До прихода автобуса он разговаривал с мужиком, у которого знахарила Федотовна. Тот ничего особого не сообщил: да, приезжала, подлечила маленько. Дальней сродственницей ему приходится Федотовна-то. Что болело? Голову кружило по утрам. Травки дала, с чаем пил, мед, черную смородину и печенку сырую есть велела. «Знает, какие продукты полезны, старая карга!» – со злой насмешкой подумал Женя. Потом к врачу мужик ходил, лекарства ел и пил. «Мед, печенка, смородина да еще хороший врач – недурно!» Не кружится голова теперь. «Еще бы!..» Что заплатил Федотовне? Да она ничего и не просила. А все же? Ну, щучку дал. Щук он до черта в Иртыше налавливает – не жаль, тем более что сродственнице. Больше ни к кому Федотовна не ходила. «Лечение сугубо по знакомству».

После разговора с мужиком Женя написал письмо двоюродной сестре, которая жила в одном доме с Маргаритой и была с ней в дружбе. Обо всем написал. И о пурге. И даже заголовок поставил: «В погоне за шаманом», как будто это статья в газету. Он решил отправлять по письму в день – одно сестре, другое – Сашке.
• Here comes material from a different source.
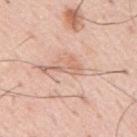Image and clinical context:
The tile uses white-light illumination. From the mid back. The recorded lesion diameter is about 3 mm. A male subject aged approximately 55. This image is a 15 mm lesion crop taken from a total-body photograph.
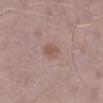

Сашке можно и наскоро, информационно, друг есть друг – поймет, а сестре – политературней и даже можно немножко сентиментально, девчонки любят, когда немножко сентиментально. Что скажет Маргарита?

Автобус свернул с тракта на проселочную дорогу, уж совсем скверную; она была по-своему красива – тихие глухие дороги в густой тайге имеют свою прелесть, – но неудобна для проезда; ехали едва-едва, натыкаясь на сугробы и застревая, пошатываясь с автобусом то вправо, то влево, машина тряслась, вздрагивала, болезненно завывала, было холодно и сыро. Женя прилипал к глазку, проделанному в обледенелом стекле, и уже не видел поземки, только снег, кругом снег и толстенные стволы сосен; видимо, ветер бушевал наверху и, путаясь в макушках деревьев, поставленных плотно, как частокол, ударял порывами по земле.